Mission statement[edit]

The mission of the CCTRN is to achieve public health advances for the treatment of cardiovascular diseases, through the conduct and dissemination of collaborative research leading to evidence-based treatment options and improved outcome for patients with heart disease.[1]

Components of the Network[edit]

The sponsor

The National Heart, Lung, and Blood Institute (NHLBI) is one of 27 institutes/centers of the National Institutes of Health (NIH) and supports research related to the causes, prevention, diagnosis, and treatment of heart, blood vessel, lung, and blood diseases; and sleep disorders. The NHLBI plans and directs research in the development and evaluation of interventions and devices related to prevention, treatment, and rehabilitation of patients suffering from such diseases and disorders.
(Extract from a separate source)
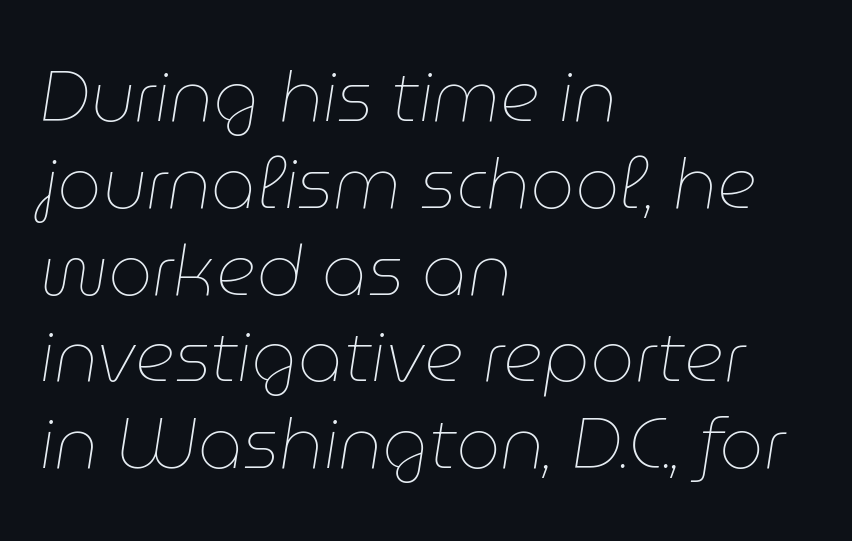
{"italic": "yes", "lean": "right", "slant_degrees": 9, "bold": "no", "weight": "thin", "width": "normal", "stroke_contrast": "low", "x_height": "medium", "monospaced": "no", "underline": "no", "align": "left", "line_spacing_ratio": 1.24, "letter_spacing": "normal", "letter_spacing_em": 0.0, "glyph_px": 70}

The Coordinating Center for Clinical Trials

Since 1971, the Coordinating Center for Clinical Trials ([1]) at The University of Texas School of Public Health has played a leading role in cardiovascular disease and vision research by serving as a coordinating center for 16 nationwide multicenter clinical trials. The CCCT's primary function is to provide and coordinate all operations, procedures, and activities of a large-scale randomized controlled clinical trial. The CCCT serves as the Data Coordinating Center for the CCTRN.

The clinical sites

The CCTRN includes seven stem cell centers in the United States with experience and expertise in clinical trials studying treatments for heart disease and peripheral artery disease. These sites include:

Ongoing work[edit]

In July 2008, the CCTRN opened enrollment in two studies in patients who had recently suffered heart attacks: TIME[2] ([9]) and LateTIME[3] ([10]). The purpose of these studies was to determine if stem cells safely taken from an individual’s bone marrow could be transplanted back into the injured heart muscle of the individual and improve the heart’s ability to pump following a heart attack, as well as to determine the best time for transplanting the cells following a heart attack. The results of both studies were presented at the American Heart Association (AHA) Scientific meetings in 2011 (LateTIME) and 2012 (TIME), and simultaneously published in JAMA.[4][5]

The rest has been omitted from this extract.